Mercredi 17 Août 2022

Raila Odinga, le candidat déclaré perdant par la Commission électorale kenyane face à William Ruto
Raila Odinga, le candidat déclaré perdant par la Commission électorale kenyane face à William Ruto
 
L'homme politique kenyan Raila Odinga a qualifié de "parodie" le résultat de l'élection présidentielle du 9 août qu'il a été déclaré avoir perdu face au vice-président William Ruto et a mis en garde mardi contre une longue crise juridique à laquelle la démocratie kenyane est confrontée.
 
Ses premiers commentaires sur le résultat sont intervenus après que quatre des sept commissaires électoraux ont déclaré qu'ils s'en tenaient à leur décision, prise un jour plus tôt, de désavouer les chiffres annoncés par le président de la commission électorale, Wafula Chebukati.
 
La série d'événements dramatiques a fait craindre des violences similaires à celles qui ont suivi les scrutins contestés dans le pays le plus riche d'Afrique de l'Est en 2007, lorsque plus de 1 200 personnes ont été tuées, et à nouveau en 2017, lorsque plus de 100 personnes sont mortes.
 
Dans la nuit, les partisans d'Odinga ont affronté la police et brûlé des pneus dans la ville de Kisumu (ouest) et dans l'immense bidonville de Kibera, dans la capitale Nairobi, mais le calme était revenu dans les rues mardi matin.
 
"Notre point de vue est que les chiffres annoncés par Chebukati sont nuls et non avenus et doivent être annulés par un tribunal", a déclaré M. Odinga, vétéran de l'opposition et cinq fois candidat à la présidentielle, soutenu cette fois par le président sortant Uhuru Kenyatta.
 
"Ce que nous avons vu hier est une parodie", a-t-il déclaré aux journalistes, tout en appelant ses partisans à rester pacifiques. "Que personne ne prenne la loi entre ses mains", a-t-il ajouté.
 
Avant de monter sur scène, M. Odinga a diffusé la conférence de presse des membres dissidents de la commission sur son propre site.
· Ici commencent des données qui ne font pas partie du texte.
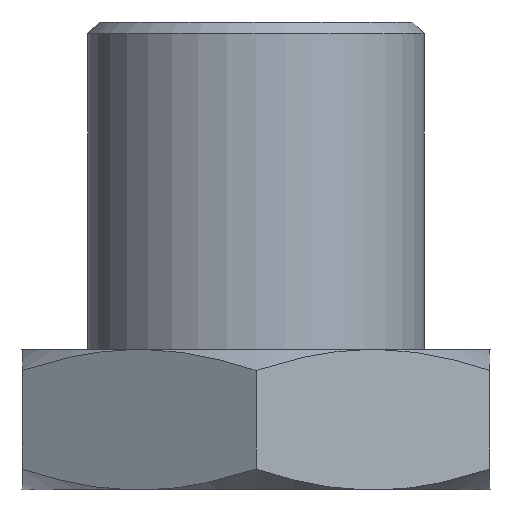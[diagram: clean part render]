
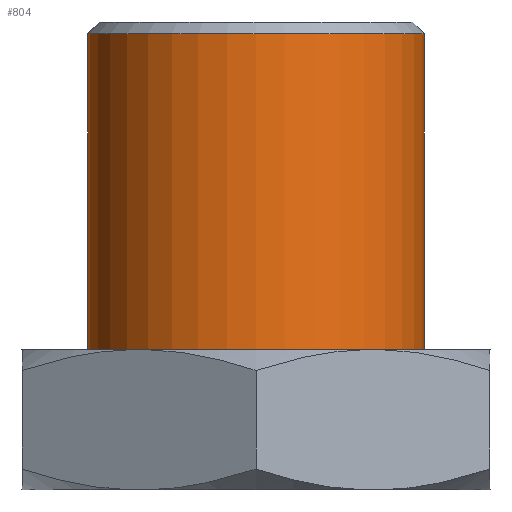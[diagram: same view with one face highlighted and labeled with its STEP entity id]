
A CAD part, left-side view. The second image highlights one B-rep face of the part: STEP entity #804.
In plain terms, the highlighted cylindrical face has radius 3.6 mm (diameter 7.2 mm), a full revolution.
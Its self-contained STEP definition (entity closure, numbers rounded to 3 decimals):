
#35 = EDGE_LOOP ( 'NONE', ( #124 ) ) ;
#87 = DIRECTION ( 'NONE',  ( 0., 0., -1. ) ) ;
#107 = DIRECTION ( 'NONE',  ( -1., 0., 0. ) ) ;
#124 = ORIENTED_EDGE ( 'NONE', *, *, #289, .F. ) ;
#185 = EDGE_LOOP ( 'NONE', ( #1097 ) ) ;
#217 = CARTESIAN_POINT ( 'NONE',  ( 1.8, -3.118, 3. ) ) ;
#252 = EDGE_CURVE ( 'NONE', #757, #757, #1112, .T. ) ;
#256 = AXIS2_PLACEMENT_3D ( 'NONE', #871, #87, #426 ) ;
#289 = EDGE_CURVE ( 'NONE', #1022, #1022, #1021, .T. ) ;
#417 = DIRECTION ( 'NONE',  ( 0., 0., -1. ) ) ;
#426 = DIRECTION ( 'NONE',  ( -1., 0., 0. ) ) ;
#500 = CARTESIAN_POINT ( 'NONE',  ( 0., 0., 3. ) ) ;
#532 = DIRECTION ( 'NONE',  ( 0., 0., -1. ) ) ;
#618 = FACE_OUTER_BOUND ( 'NONE', #185, .T. ) ;
#672 = AXIS2_PLACEMENT_3D ( 'NONE', #500, #417, #761 ) ;
#757 = VERTEX_POINT ( 'NONE', #1006 ) ;
#761 = DIRECTION ( 'NONE',  ( 0.5, -0.866, 0. ) ) ;
#790 = FACE_OUTER_BOUND ( 'NONE', #35, .T. ) ;
#804 = ADVANCED_FACE ( 'NONE', ( #790, #618 ), #885, .T. ) ;
#871 = CARTESIAN_POINT ( 'NONE',  ( 0., 0., 9.75 ) ) ;
#885 = CYLINDRICAL_SURFACE ( 'NONE', #999, 3.6 ) ;
#965 = CARTESIAN_POINT ( 'NONE',  ( 0., 0., 10. ) ) ;
#999 = AXIS2_PLACEMENT_3D ( 'NONE', #965, #532, #107 ) ;
#1006 = CARTESIAN_POINT ( 'NONE',  ( -3.6, 0., 9.75 ) ) ;
#1021 = CIRCLE ( 'NONE', #672, 3.6 ) ;
#1022 = VERTEX_POINT ( 'NONE', #217 ) ;
#1097 = ORIENTED_EDGE ( 'NONE', *, *, #252, .T. ) ;
#1112 = CIRCLE ( 'NONE', #256, 3.6 ) ;
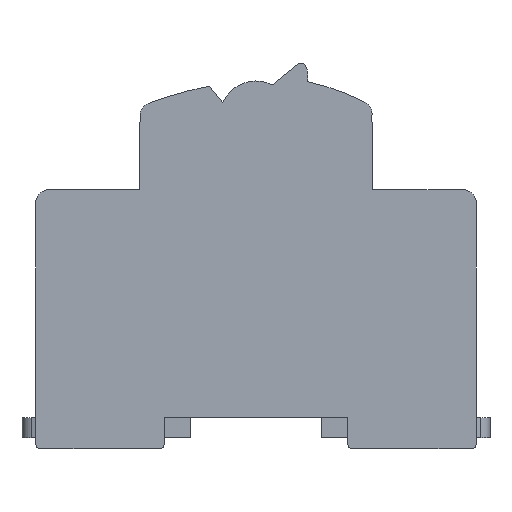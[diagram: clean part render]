
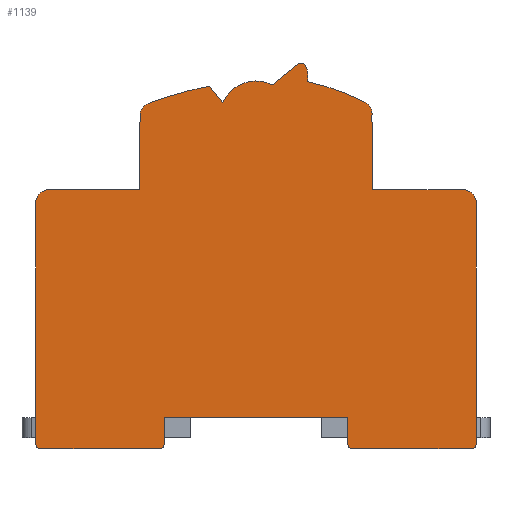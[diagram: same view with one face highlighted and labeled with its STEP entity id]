
A CAD part, left-side view. The second image highlights one B-rep face of the part: STEP entity #1139.
In plain terms, the highlighted planar face has unit normal (-1, 0, 0).
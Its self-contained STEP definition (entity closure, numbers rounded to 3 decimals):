
#268=AXIS2_PLACEMENT_3D('Circle Axis2P3D',#266,#267,$) ;
#316=AXIS2_PLACEMENT_3D('Circle Axis2P3D',#314,#315,$) ;
#522=AXIS2_PLACEMENT_3D('Circle Axis2P3D',#520,#521,$) ;
#565=AXIS2_PLACEMENT_3D('Circle Axis2P3D',#563,#564,$) ;
#596=AXIS2_PLACEMENT_3D('Circle Axis2P3D',#594,#595,$) ;
#651=AXIS2_PLACEMENT_3D('Circle Axis2P3D',#649,#650,$) ;
#675=AXIS2_PLACEMENT_3D('Circle Axis2P3D',#673,#674,$) ;
#699=AXIS2_PLACEMENT_3D('Circle Axis2P3D',#697,#698,$) ;
#723=AXIS2_PLACEMENT_3D('Circle Axis2P3D',#721,#722,$) ;
#771=AXIS2_PLACEMENT_3D('Circle Axis2P3D',#769,#770,$) ;
#819=AXIS2_PLACEMENT_3D('Circle Axis2P3D',#817,#818,$) ;
#843=AXIS2_PLACEMENT_3D('Circle Axis2P3D',#841,#842,$) ;
#898=AXIS2_PLACEMENT_3D('Circle Axis2P3D',#896,#897,$) ;
#1094=AXIS2_PLACEMENT_3D('Plane Axis2P3D',#1091,#1092,#1093) ;
#256=CARTESIAN_POINT('Vertex',(-8.9,42.5,-63.)) ;
#263=CARTESIAN_POINT('Vertex',(-8.9,41.5,-64.)) ;
#266=CARTESIAN_POINT('Axis2P3D Location',(-8.9,41.5,-63.)) ;
#283=CARTESIAN_POINT('Line Origine',(-8.9,30.1,-64.)) ;
#287=CARTESIAN_POINT('Vertex',(-8.9,18.7,-64.)) ;
#311=CARTESIAN_POINT('Vertex',(-8.9,17.7,-63.)) ;
#314=CARTESIAN_POINT('Axis2P3D Location',(-8.9,18.7,-63.)) ;
#337=CARTESIAN_POINT('Vertex',(-8.9,17.7,-58.)) ;
#340=CARTESIAN_POINT('Line Origine',(-8.9,17.7,-60.5)) ;
#419=CARTESIAN_POINT('Vertex',(-8.9,-17.7,-58.)) ;
#422=CARTESIAN_POINT('Line Origine',(-8.9,0.,-58.)) ;
#489=CARTESIAN_POINT('Vertex',(-8.9,-17.7,-63.)) ;
#492=CARTESIAN_POINT('Line Origine',(-8.9,-17.7,-60.5)) ;
#517=CARTESIAN_POINT('Vertex',(-8.9,-18.7,-64.)) ;
#520=CARTESIAN_POINT('Axis2P3D Location',(-8.9,-18.7,-63.)) ;
#532=CARTESIAN_POINT('Line Origine',(-8.9,-30.1,-64.)) ;
#536=CARTESIAN_POINT('Vertex',(-8.9,-41.5,-64.)) ;
#560=CARTESIAN_POINT('Vertex',(-8.9,-42.5,-63.)) ;
#563=CARTESIAN_POINT('Axis2P3D Location',(-8.9,-41.5,-63.)) ;
#584=CARTESIAN_POINT('Vertex',(-8.9,-42.5,-16.5)) ;
#591=CARTESIAN_POINT('Vertex',(-8.9,-40.,-14.)) ;
#594=CARTESIAN_POINT('Axis2P3D Location',(-8.9,-40.,-16.5)) ;
#615=CARTESIAN_POINT('Vertex',(-8.9,-22.5,-14.)) ;
#622=CARTESIAN_POINT('Vertex',(-8.9,-22.375,0.326)) ;
#625=CARTESIAN_POINT('Line Origine',(-8.9,-22.437,-6.837)) ;
#646=CARTESIAN_POINT('Vertex',(-8.9,-21.034,2.907)) ;
#649=CARTESIAN_POINT('Axis2P3D Location',(-8.9,-19.9,0.679)) ;
#670=CARTESIAN_POINT('Vertex',(-8.9,-9.861,6.883)) ;
#673=CARTESIAN_POINT('Axis2P3D Location',(-8.9,-0.122,-38.177)) ;
#694=CARTESIAN_POINT('Vertex',(-8.9,-9.631,9.848)) ;
#697=CARTESIAN_POINT('Axis2P3D Location',(-8.9,-5.511,8.038)) ;
#718=CARTESIAN_POINT('Vertex',(-8.9,-8.087,10.223)) ;
#721=CARTESIAN_POINT('Axis2P3D Location',(-8.9,-8.716,9.445)) ;
#742=CARTESIAN_POINT('Vertex',(-8.9,-3.165,6.244)) ;
#745=CARTESIAN_POINT('Line Origine',(-8.9,-5.626,8.233)) ;
#766=CARTESIAN_POINT('Vertex',(-8.9,6.405,2.824)) ;
#769=CARTESIAN_POINT('Axis2P3D Location',(-8.9,0.,0.)) ;
#790=CARTESIAN_POINT('Vertex',(-8.9,8.977,6.)) ;
#793=CARTESIAN_POINT('Line Origine',(-8.9,7.691,4.412)) ;
#814=CARTESIAN_POINT('Vertex',(-8.9,20.786,2.675)) ;
#817=CARTESIAN_POINT('Axis2P3D Location',(-8.9,-4.014,-62.784)) ;
#838=CARTESIAN_POINT('Vertex',(-8.9,22.372,0.717)) ;
#841=CARTESIAN_POINT('Axis2P3D Location',(-8.9,19.901,0.337)) ;
#858=CARTESIAN_POINT('Line Origine',(-8.9,22.436,-6.641)) ;
#862=CARTESIAN_POINT('Vertex',(-8.9,22.5,-14.)) ;
#886=CARTESIAN_POINT('Vertex',(-8.9,40.,-14.)) ;
#893=CARTESIAN_POINT('Vertex',(-8.9,42.5,-16.5)) ;
#896=CARTESIAN_POINT('Axis2P3D Location',(-8.9,40.,-16.5)) ;
#913=CARTESIAN_POINT('Line Origine',(-8.9,42.5,-39.75)) ;
#1091=CARTESIAN_POINT('Axis2P3D Location',(-8.9,0.,0.)) ;
#1096=CARTESIAN_POINT('Line Origine',(-8.9,-42.5,-39.75)) ;
#1101=CARTESIAN_POINT('Line Origine',(-8.9,-31.25,-14.)) ;
#1106=CARTESIAN_POINT('Line Origine',(-8.9,31.25,-14.)) ;
#267=DIRECTION('Axis2P3D Direction',(-1.,0.,0.)) ;
#284=DIRECTION('Vector Direction',(0.,1.,0.)) ;
#315=DIRECTION('Axis2P3D Direction',(-1.,0.,0.)) ;
#341=DIRECTION('Vector Direction',(0.,0.,1.)) ;
#423=DIRECTION('Vector Direction',(0.,-1.,0.)) ;
#493=DIRECTION('Vector Direction',(0.,0.,1.)) ;
#521=DIRECTION('Axis2P3D Direction',(-1.,0.,0.)) ;
#533=DIRECTION('Vector Direction',(0.,1.,0.)) ;
#564=DIRECTION('Axis2P3D Direction',(-1.,0.,0.)) ;
#595=DIRECTION('Axis2P3D Direction',(-1.,0.,0.)) ;
#626=DIRECTION('Vector Direction',(0.,0.009,1.)) ;
#650=DIRECTION('Axis2P3D Direction',(-1.,0.,0.)) ;
#674=DIRECTION('Axis2P3D Direction',(-1.,0.,0.)) ;
#698=DIRECTION('Axis2P3D Direction',(-1.,0.,0.)) ;
#722=DIRECTION('Axis2P3D Direction',(-1.,0.,0.)) ;
#746=DIRECTION('Vector Direction',(0.,0.778,-0.629)) ;
#770=DIRECTION('Axis2P3D Direction',(-1.,0.,0.)) ;
#794=DIRECTION('Vector Direction',(0.,0.629,0.777)) ;
#818=DIRECTION('Axis2P3D Direction',(-1.,0.,0.)) ;
#842=DIRECTION('Axis2P3D Direction',(-1.,0.,0.)) ;
#859=DIRECTION('Vector Direction',(0.,-0.009,1.)) ;
#897=DIRECTION('Axis2P3D Direction',(-1.,0.,0.)) ;
#914=DIRECTION('Vector Direction',(0.,0.,-1.)) ;
#1092=DIRECTION('Axis2P3D Direction',(-1.,0.,0.)) ;
#1093=DIRECTION('Axis2P3D XDirection',(0.,0.,-1.)) ;
#1097=DIRECTION('Vector Direction',(0.,0.,-1.)) ;
#1102=DIRECTION('Vector Direction',(0.,1.,0.)) ;
#1107=DIRECTION('Vector Direction',(0.,1.,0.)) ;
#285=VECTOR('Line Direction',#284,1.) ;
#342=VECTOR('Line Direction',#341,1.) ;
#424=VECTOR('Line Direction',#423,1.) ;
#494=VECTOR('Line Direction',#493,1.) ;
#534=VECTOR('Line Direction',#533,1.) ;
#627=VECTOR('Line Direction',#626,1.) ;
#747=VECTOR('Line Direction',#746,1.) ;
#795=VECTOR('Line Direction',#794,1.) ;
#860=VECTOR('Line Direction',#859,1.) ;
#915=VECTOR('Line Direction',#914,1.) ;
#1098=VECTOR('Line Direction',#1097,1.) ;
#1103=VECTOR('Line Direction',#1102,1.) ;
#1108=VECTOR('Line Direction',#1107,1.) ;
#1112=ORIENTED_EDGE('',*,*,#917,.T.) ;
#1113=ORIENTED_EDGE('',*,*,#270,.T.) ;
#1114=ORIENTED_EDGE('',*,*,#289,.F.) ;
#1115=ORIENTED_EDGE('',*,*,#318,.T.) ;
#1116=ORIENTED_EDGE('',*,*,#344,.T.) ;
#1117=ORIENTED_EDGE('',*,*,#426,.T.) ;
#1118=ORIENTED_EDGE('',*,*,#496,.F.) ;
#1119=ORIENTED_EDGE('',*,*,#524,.T.) ;
#1120=ORIENTED_EDGE('',*,*,#538,.F.) ;
#1121=ORIENTED_EDGE('',*,*,#567,.T.) ;
#1122=ORIENTED_EDGE('',*,*,#1100,.F.) ;
#1123=ORIENTED_EDGE('',*,*,#598,.T.) ;
#1124=ORIENTED_EDGE('',*,*,#1105,.T.) ;
#1125=ORIENTED_EDGE('',*,*,#629,.T.) ;
#1126=ORIENTED_EDGE('',*,*,#653,.T.) ;
#1127=ORIENTED_EDGE('',*,*,#677,.T.) ;
#1128=ORIENTED_EDGE('',*,*,#701,.T.) ;
#1129=ORIENTED_EDGE('',*,*,#725,.T.) ;
#1130=ORIENTED_EDGE('',*,*,#749,.T.) ;
#1131=ORIENTED_EDGE('',*,*,#773,.T.) ;
#1132=ORIENTED_EDGE('',*,*,#797,.T.) ;
#1133=ORIENTED_EDGE('',*,*,#821,.T.) ;
#1134=ORIENTED_EDGE('',*,*,#845,.T.) ;
#1135=ORIENTED_EDGE('',*,*,#864,.F.) ;
#1136=ORIENTED_EDGE('',*,*,#1110,.T.) ;
#1137=ORIENTED_EDGE('',*,*,#900,.T.) ;
#1139=ADVANCED_FACE('PartBody',(#1138),#1095,.T.) ;
#269=CIRCLE('generated circle',#268,1.) ;
#317=CIRCLE('generated circle',#316,1.) ;
#523=CIRCLE('generated circle',#522,1.) ;
#566=CIRCLE('generated circle',#565,1.) ;
#597=CIRCLE('generated circle',#596,2.5) ;
#652=CIRCLE('generated circle',#651,2.5) ;
#676=CIRCLE('generated circle',#675,46.1) ;
#700=CIRCLE('generated circle',#699,4.5) ;
#724=CIRCLE('generated circle',#723,1.) ;
#772=CIRCLE('generated circle',#771,7.) ;
#820=CIRCLE('generated circle',#819,70.) ;
#844=CIRCLE('generated circle',#843,2.5) ;
#899=CIRCLE('generated circle',#898,2.5) ;
#270=EDGE_CURVE('',#257,#264,#269,.T.) ;
#289=EDGE_CURVE('',#288,#264,#286,.T.) ;
#318=EDGE_CURVE('',#288,#312,#317,.T.) ;
#344=EDGE_CURVE('',#312,#338,#343,.T.) ;
#426=EDGE_CURVE('',#338,#420,#425,.T.) ;
#496=EDGE_CURVE('',#490,#420,#495,.T.) ;
#524=EDGE_CURVE('',#490,#518,#523,.T.) ;
#538=EDGE_CURVE('',#537,#518,#535,.T.) ;
#567=EDGE_CURVE('',#537,#561,#566,.T.) ;
#598=EDGE_CURVE('',#585,#592,#597,.T.) ;
#629=EDGE_CURVE('',#616,#623,#628,.T.) ;
#653=EDGE_CURVE('',#623,#647,#652,.T.) ;
#677=EDGE_CURVE('',#647,#671,#676,.T.) ;
#701=EDGE_CURVE('',#671,#695,#700,.T.) ;
#725=EDGE_CURVE('',#695,#719,#724,.T.) ;
#749=EDGE_CURVE('',#719,#743,#748,.T.) ;
#773=EDGE_CURVE('',#743,#767,#772,.T.) ;
#797=EDGE_CURVE('',#767,#791,#796,.T.) ;
#821=EDGE_CURVE('',#791,#815,#820,.T.) ;
#845=EDGE_CURVE('',#815,#839,#844,.T.) ;
#864=EDGE_CURVE('',#863,#839,#861,.T.) ;
#900=EDGE_CURVE('',#887,#894,#899,.T.) ;
#917=EDGE_CURVE('',#894,#257,#916,.T.) ;
#1100=EDGE_CURVE('',#585,#561,#1099,.T.) ;
#1105=EDGE_CURVE('',#592,#616,#1104,.T.) ;
#1110=EDGE_CURVE('',#863,#887,#1109,.T.) ;
#1111=EDGE_LOOP('',(#1112,#1113,#1114,#1115,#1116,#1117,#1118,#1119,#1120,#1121,#1122,#1123,#1124,#1125,#1126,#1127,#1128,#1129,#1130,#1131,#1132,#1133,#1134,#1135,#1136,#1137)) ;
#1138=FACE_OUTER_BOUND('',#1111,.T.) ;
#286=LINE('Line',#283,#285) ;
#343=LINE('Line',#340,#342) ;
#425=LINE('Line',#422,#424) ;
#495=LINE('Line',#492,#494) ;
#535=LINE('Line',#532,#534) ;
#628=LINE('Line',#625,#627) ;
#748=LINE('Line',#745,#747) ;
#796=LINE('Line',#793,#795) ;
#861=LINE('Line',#858,#860) ;
#916=LINE('Line',#913,#915) ;
#1099=LINE('Line',#1096,#1098) ;
#1104=LINE('Line',#1101,#1103) ;
#1109=LINE('Line',#1106,#1108) ;
#1095=PLANE('',#1094) ;
#257=VERTEX_POINT('',#256) ;
#264=VERTEX_POINT('',#263) ;
#288=VERTEX_POINT('',#287) ;
#312=VERTEX_POINT('',#311) ;
#338=VERTEX_POINT('',#337) ;
#420=VERTEX_POINT('',#419) ;
#490=VERTEX_POINT('',#489) ;
#518=VERTEX_POINT('',#517) ;
#537=VERTEX_POINT('',#536) ;
#561=VERTEX_POINT('',#560) ;
#585=VERTEX_POINT('',#584) ;
#592=VERTEX_POINT('',#591) ;
#616=VERTEX_POINT('',#615) ;
#623=VERTEX_POINT('',#622) ;
#647=VERTEX_POINT('',#646) ;
#671=VERTEX_POINT('',#670) ;
#695=VERTEX_POINT('',#694) ;
#719=VERTEX_POINT('',#718) ;
#743=VERTEX_POINT('',#742) ;
#767=VERTEX_POINT('',#766) ;
#791=VERTEX_POINT('',#790) ;
#815=VERTEX_POINT('',#814) ;
#839=VERTEX_POINT('',#838) ;
#863=VERTEX_POINT('',#862) ;
#887=VERTEX_POINT('',#886) ;
#894=VERTEX_POINT('',#893) ;

Il a déclaré qu'il n'était pas encore prêt à annoncer des mesures juridiques spécifiques.
 
Odinga a jusqu'à lundi 22 août 2022 pour déposer un recours auprès de la Cour suprême.
S'exprimant au nom des quatre commissaires, la vice-présidente de la commission électorale, Juliana Cherera, a déclaré que les résultats montrant que Ruto avait remporté 50,49 % des voix étaient erronés et que Chebukati n'avait pas tenu compte des préoccupations exprimées par d'autres commissaires au sujet du décompte.
 
Cherera a par la suite déclaré que l'une de ses principales revendications était basée sur une erreur mathématique. Elle avait initialement souligné que les pourcentages de voix pour les quatre candidats de la course s'additionnaient à 100,01%, affirmant que les 0,01% supplémentaires représentaient 142 000 voix, assez pour potentiellement faire basculer l'élection.
Ruto a battu Odinga par environ 233.000 voix.
 
En réponse à une question de Reuters, Cherera a reconnu par la suite que 0,01% des 14,2 millions de votes exprimés représentait en réalité 1 420 voix, mais a déclaré que le décompte montrait toujours un manque de contrôle de la qualité des données.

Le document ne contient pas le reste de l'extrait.